▶ _Problem to work on_
Please transcribe, word for word, only the lines from the one containing "(00:00:04.2)" through the last line of the records below, both included, and leave out every picture.

Items from a dataset:
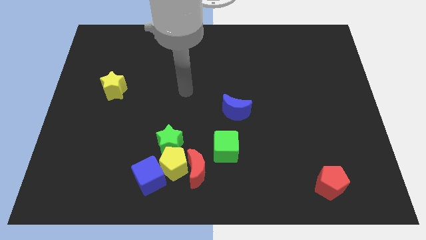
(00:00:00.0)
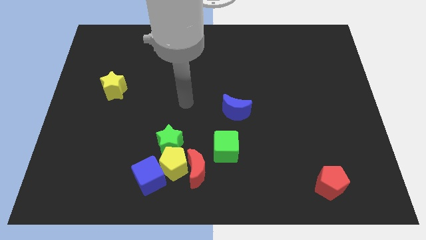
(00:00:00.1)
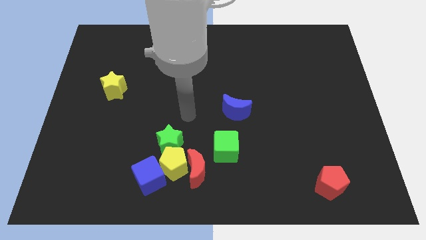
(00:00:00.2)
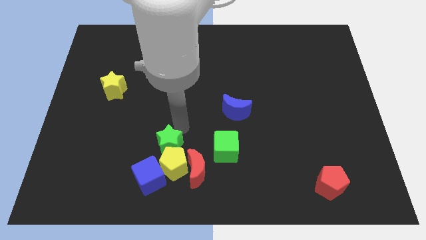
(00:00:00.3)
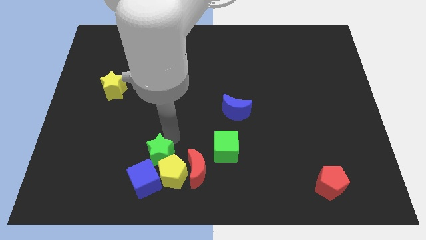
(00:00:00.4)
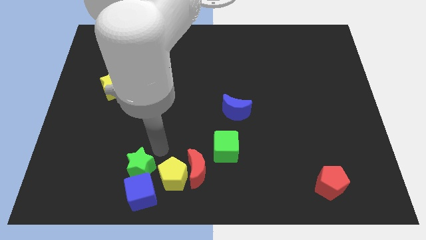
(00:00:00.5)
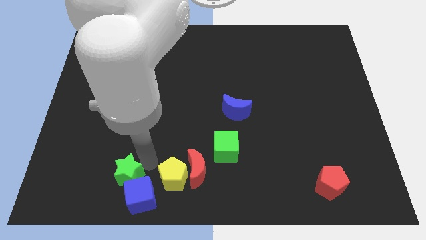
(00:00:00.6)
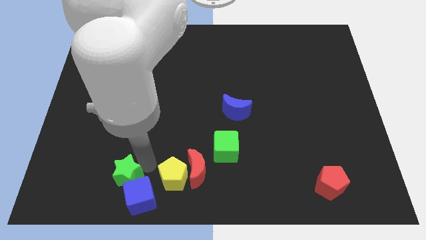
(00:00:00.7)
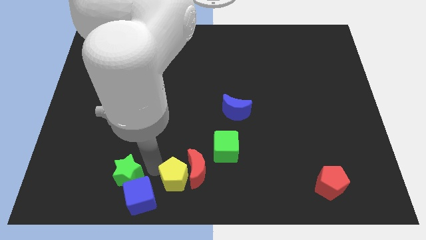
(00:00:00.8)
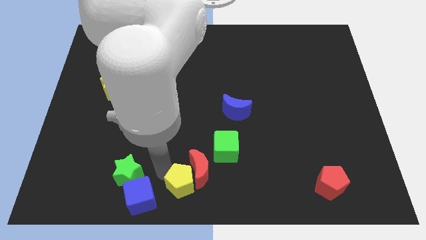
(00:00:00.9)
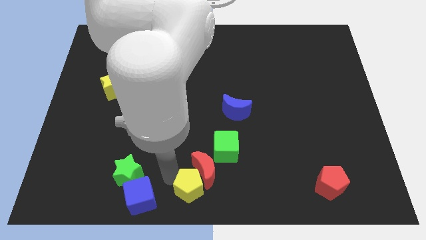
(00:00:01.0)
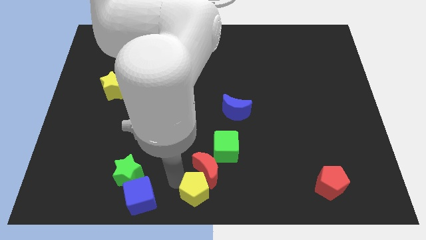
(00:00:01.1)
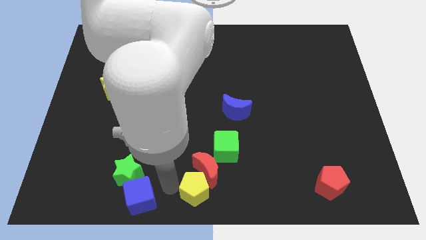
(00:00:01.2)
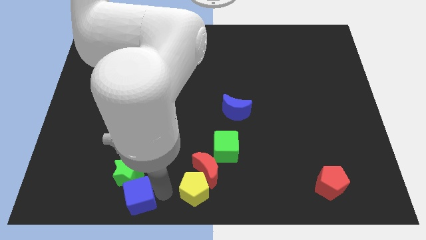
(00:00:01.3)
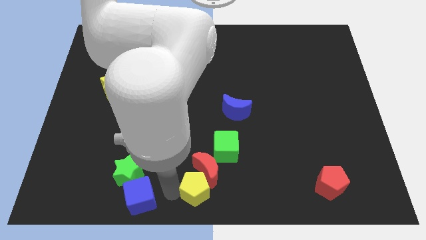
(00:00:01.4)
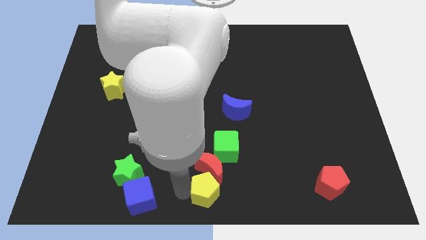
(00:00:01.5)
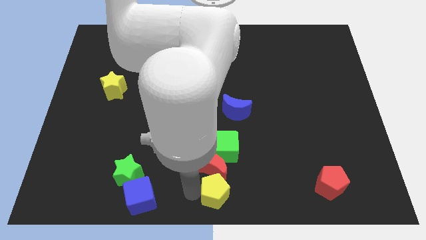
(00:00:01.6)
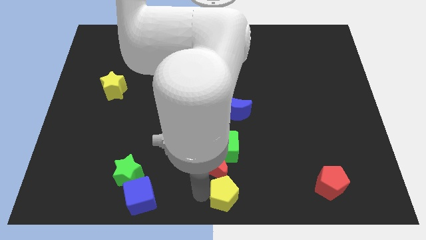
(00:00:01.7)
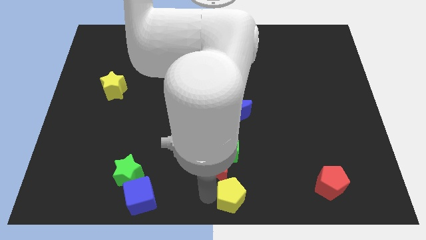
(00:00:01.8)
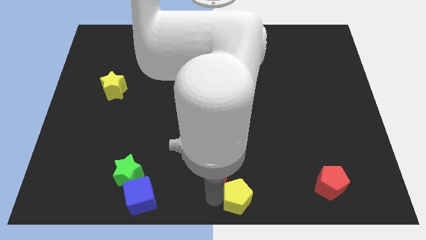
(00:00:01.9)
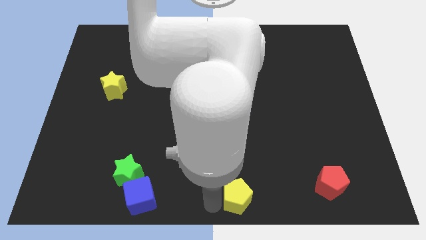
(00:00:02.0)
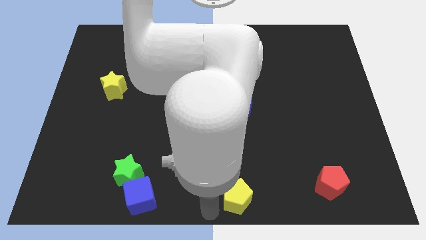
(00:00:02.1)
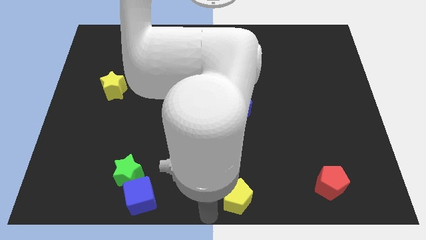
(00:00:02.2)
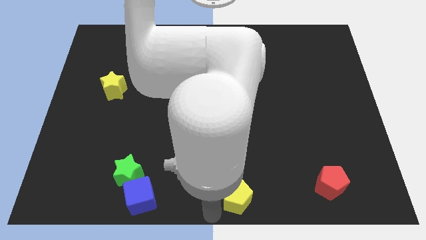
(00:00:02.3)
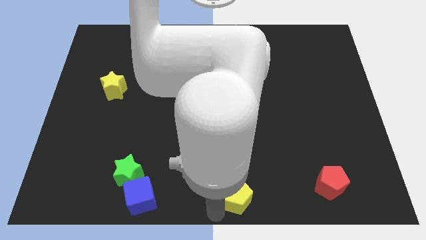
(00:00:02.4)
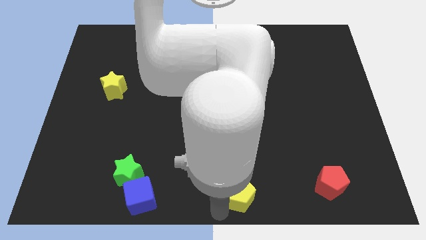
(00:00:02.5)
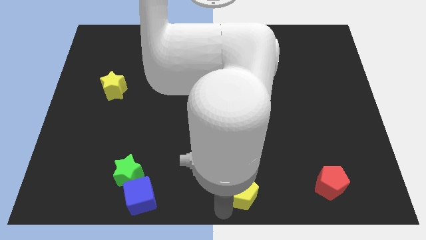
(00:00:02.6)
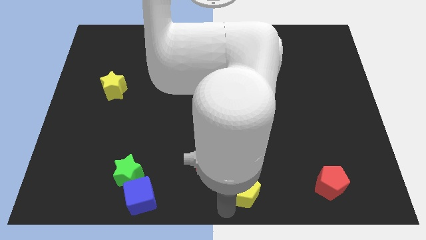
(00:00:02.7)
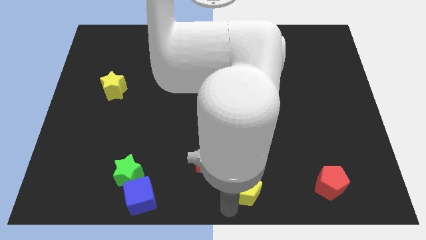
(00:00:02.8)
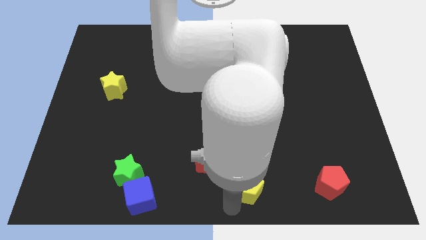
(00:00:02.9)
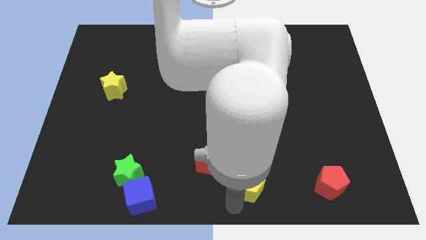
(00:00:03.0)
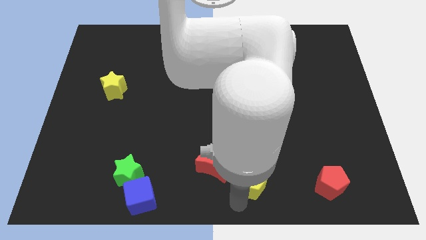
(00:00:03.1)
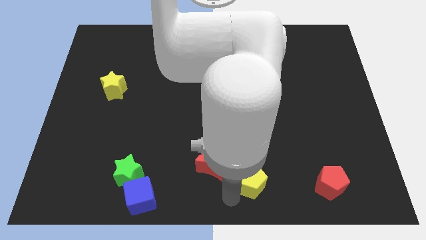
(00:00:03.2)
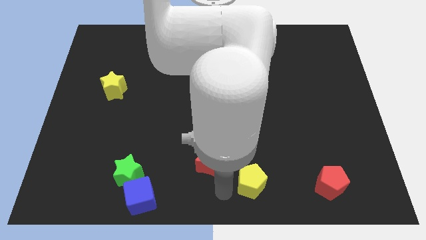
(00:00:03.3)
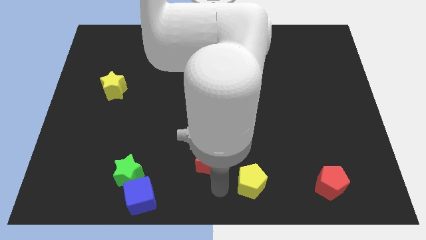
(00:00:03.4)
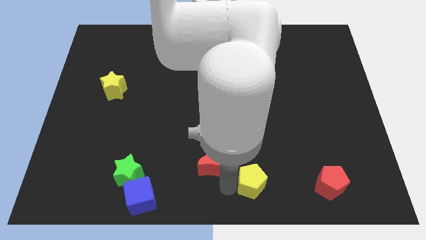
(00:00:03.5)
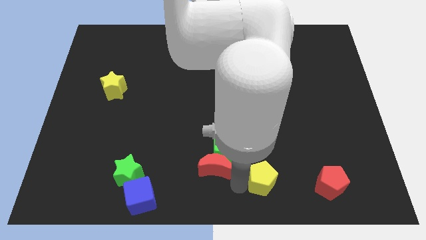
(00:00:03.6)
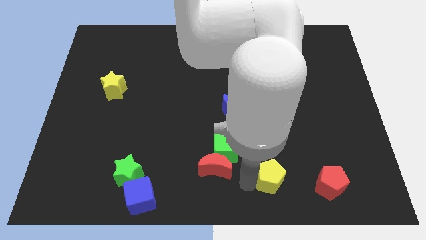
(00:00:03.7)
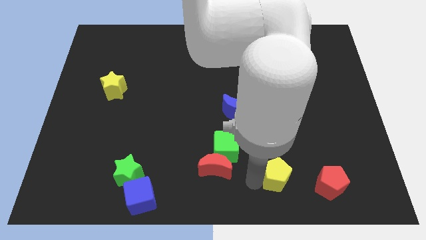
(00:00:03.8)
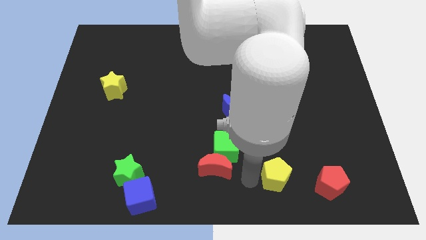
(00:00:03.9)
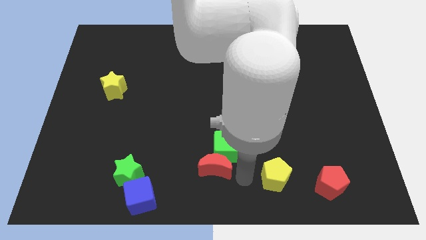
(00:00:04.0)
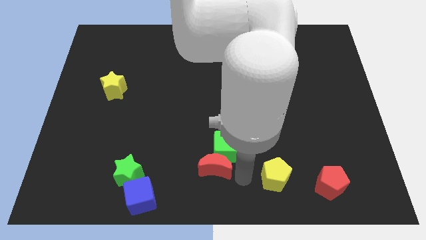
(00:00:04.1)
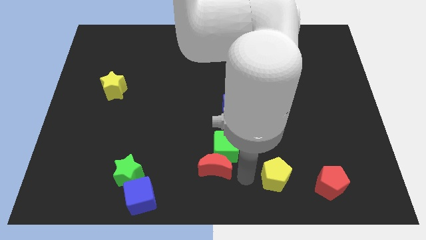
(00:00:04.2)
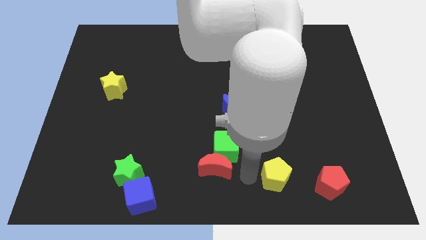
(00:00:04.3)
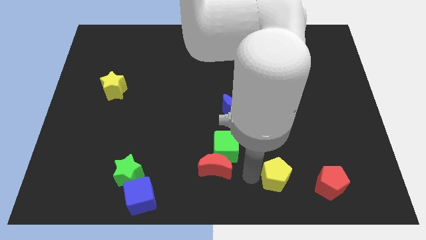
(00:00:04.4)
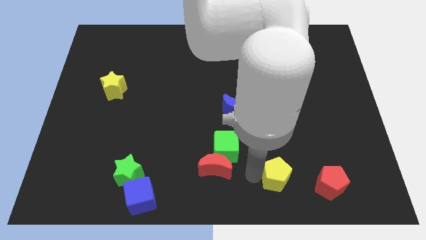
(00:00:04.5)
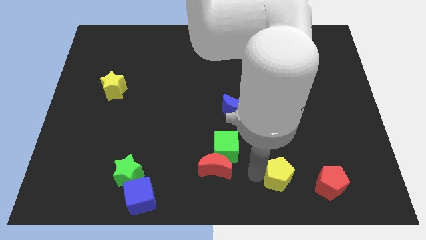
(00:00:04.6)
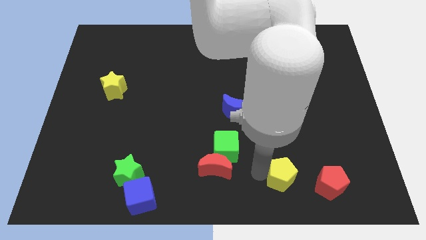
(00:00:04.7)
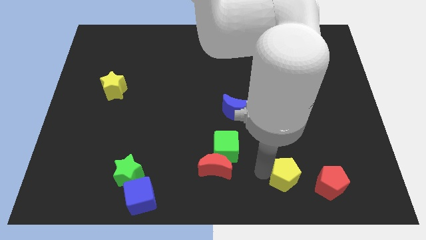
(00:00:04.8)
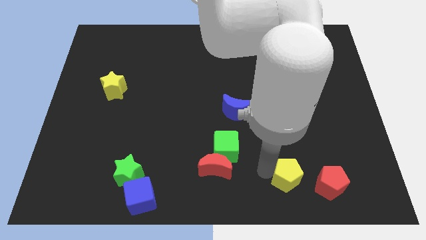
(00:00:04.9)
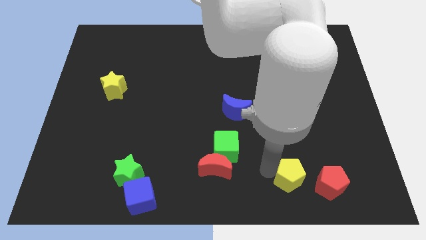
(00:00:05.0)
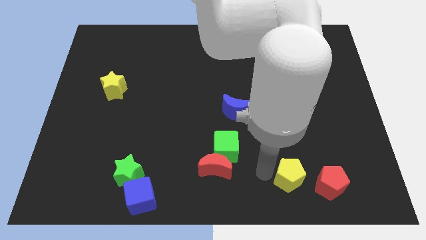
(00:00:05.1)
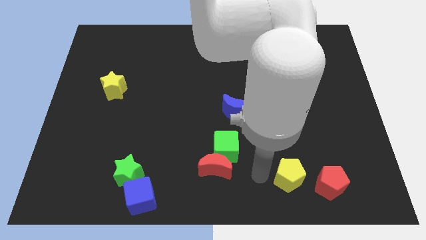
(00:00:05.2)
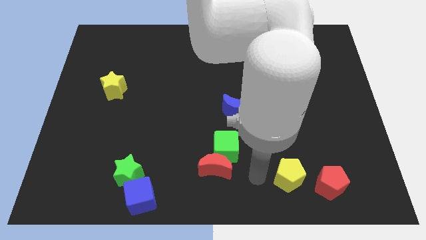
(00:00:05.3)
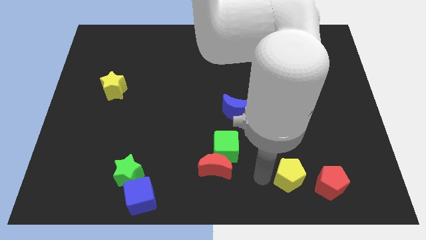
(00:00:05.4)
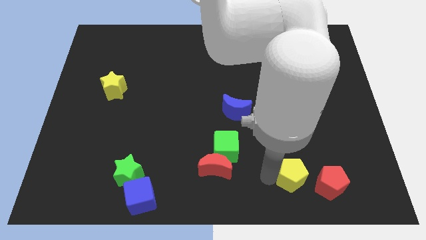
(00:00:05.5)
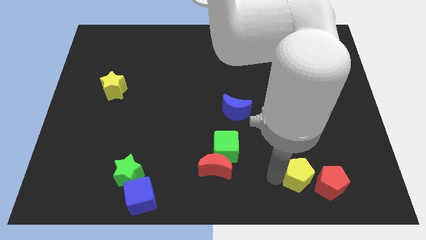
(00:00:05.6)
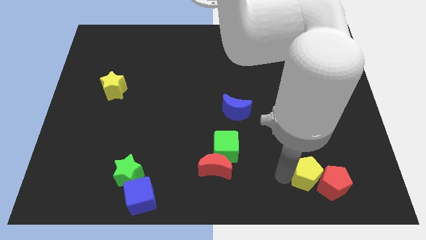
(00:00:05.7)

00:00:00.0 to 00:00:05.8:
put the yellow pentagon towards the red pentagon

▶ _Problem solution_
(00:00:04.2)
(00:00:04.3)
(00:00:04.4)
(00:00:04.5)
(00:00:04.6)
(00:00:04.7)
(00:00:04.8)
(00:00:04.9)
(00:00:05.0)
(00:00:05.1)
(00:00:05.2)
(00:00:05.3)
(00:00:05.4)
(00:00:05.5)
(00:00:05.6)
(00:00:05.7)

00:00:00.0 to 00:00:05.8:
put the yellow pentagon towards the red pentagon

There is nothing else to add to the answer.